Final Product Description:
The end product will be an extended FMM within HIP to supportCPUs/GPUs/accelerators. The benchmarking results, especially the gain in performance can be easily illustrated in appropriate figures, as is routinely done by PRACE and HPC vendors. Such plots could be used by PRACE.
Adapting the Project: Increasing the Difficulty:
The kernels are used differently in many placesin the code. For example it may or may not be required to use a certain implementation of the an FMM operator. A particularly able student may also port multiple kernels. Depending on the knowledge level, a larger number of access/storage strategies can be ported/extended or performance optimization within the HIP framework can be intensified.

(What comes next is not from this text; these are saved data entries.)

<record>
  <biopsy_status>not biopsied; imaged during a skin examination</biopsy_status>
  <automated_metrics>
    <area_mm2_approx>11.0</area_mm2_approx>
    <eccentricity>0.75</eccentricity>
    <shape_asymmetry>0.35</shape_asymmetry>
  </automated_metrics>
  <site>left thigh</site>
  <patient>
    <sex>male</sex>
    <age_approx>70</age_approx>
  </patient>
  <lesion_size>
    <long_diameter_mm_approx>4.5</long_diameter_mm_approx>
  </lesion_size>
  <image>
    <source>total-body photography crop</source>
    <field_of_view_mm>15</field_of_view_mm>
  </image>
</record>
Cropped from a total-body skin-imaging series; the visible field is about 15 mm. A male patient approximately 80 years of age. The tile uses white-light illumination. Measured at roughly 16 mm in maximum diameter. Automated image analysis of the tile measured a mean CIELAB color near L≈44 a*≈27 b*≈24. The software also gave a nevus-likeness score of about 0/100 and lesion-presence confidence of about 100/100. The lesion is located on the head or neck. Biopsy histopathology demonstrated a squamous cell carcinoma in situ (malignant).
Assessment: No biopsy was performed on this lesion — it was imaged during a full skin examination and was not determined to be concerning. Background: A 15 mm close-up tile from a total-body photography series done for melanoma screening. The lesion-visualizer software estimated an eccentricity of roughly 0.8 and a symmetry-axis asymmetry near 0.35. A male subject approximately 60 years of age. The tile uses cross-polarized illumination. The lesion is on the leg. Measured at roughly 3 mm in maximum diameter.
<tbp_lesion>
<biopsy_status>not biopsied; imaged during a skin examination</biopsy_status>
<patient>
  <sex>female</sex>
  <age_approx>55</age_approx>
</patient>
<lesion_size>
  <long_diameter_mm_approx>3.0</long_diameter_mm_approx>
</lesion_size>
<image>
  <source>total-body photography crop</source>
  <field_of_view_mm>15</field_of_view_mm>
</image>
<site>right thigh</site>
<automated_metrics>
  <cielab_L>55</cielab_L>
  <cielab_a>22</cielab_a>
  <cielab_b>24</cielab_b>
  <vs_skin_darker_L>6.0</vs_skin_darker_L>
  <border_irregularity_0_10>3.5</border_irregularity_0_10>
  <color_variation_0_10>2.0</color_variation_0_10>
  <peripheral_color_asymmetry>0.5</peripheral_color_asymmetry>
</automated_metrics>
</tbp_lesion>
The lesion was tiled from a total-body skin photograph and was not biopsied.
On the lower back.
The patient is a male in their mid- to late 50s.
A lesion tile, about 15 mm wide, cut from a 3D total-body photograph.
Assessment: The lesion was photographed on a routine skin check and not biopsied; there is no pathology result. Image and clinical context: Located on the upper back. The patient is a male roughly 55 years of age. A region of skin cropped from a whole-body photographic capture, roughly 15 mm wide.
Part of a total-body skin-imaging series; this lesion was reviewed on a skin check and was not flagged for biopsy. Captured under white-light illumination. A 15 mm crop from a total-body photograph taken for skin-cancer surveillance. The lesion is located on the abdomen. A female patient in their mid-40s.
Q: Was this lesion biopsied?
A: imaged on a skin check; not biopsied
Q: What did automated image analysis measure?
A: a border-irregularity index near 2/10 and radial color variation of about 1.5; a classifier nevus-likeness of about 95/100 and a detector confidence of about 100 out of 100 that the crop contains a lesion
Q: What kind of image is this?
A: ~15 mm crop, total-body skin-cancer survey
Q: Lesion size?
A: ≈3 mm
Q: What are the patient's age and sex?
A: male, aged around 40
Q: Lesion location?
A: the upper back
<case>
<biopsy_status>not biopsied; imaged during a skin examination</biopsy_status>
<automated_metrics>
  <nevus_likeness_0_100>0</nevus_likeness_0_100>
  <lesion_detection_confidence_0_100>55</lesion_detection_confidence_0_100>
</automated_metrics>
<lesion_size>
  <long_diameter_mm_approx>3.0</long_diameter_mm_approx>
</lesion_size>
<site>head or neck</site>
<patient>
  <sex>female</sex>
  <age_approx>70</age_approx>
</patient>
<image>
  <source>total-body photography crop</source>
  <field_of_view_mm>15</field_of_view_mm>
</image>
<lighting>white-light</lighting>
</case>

The student will have his own desk in an air-conditioned open-plan office (12 desks in total) or in a separate office (2-3 desks in total). He/she will get access (and computation time) on the required HPC hardware for the project and have his/her own workplace with fully equipped workstation for the time of the program. A range of performance and benchmarking tools are available on site and can be used within the project. No further resources are required. Hint: We do have experts on all advanced topics, e.g. C++11/14/17, CUDA in house. Hence, the student will be supported when battling with ‘bleeding-edge’ technology.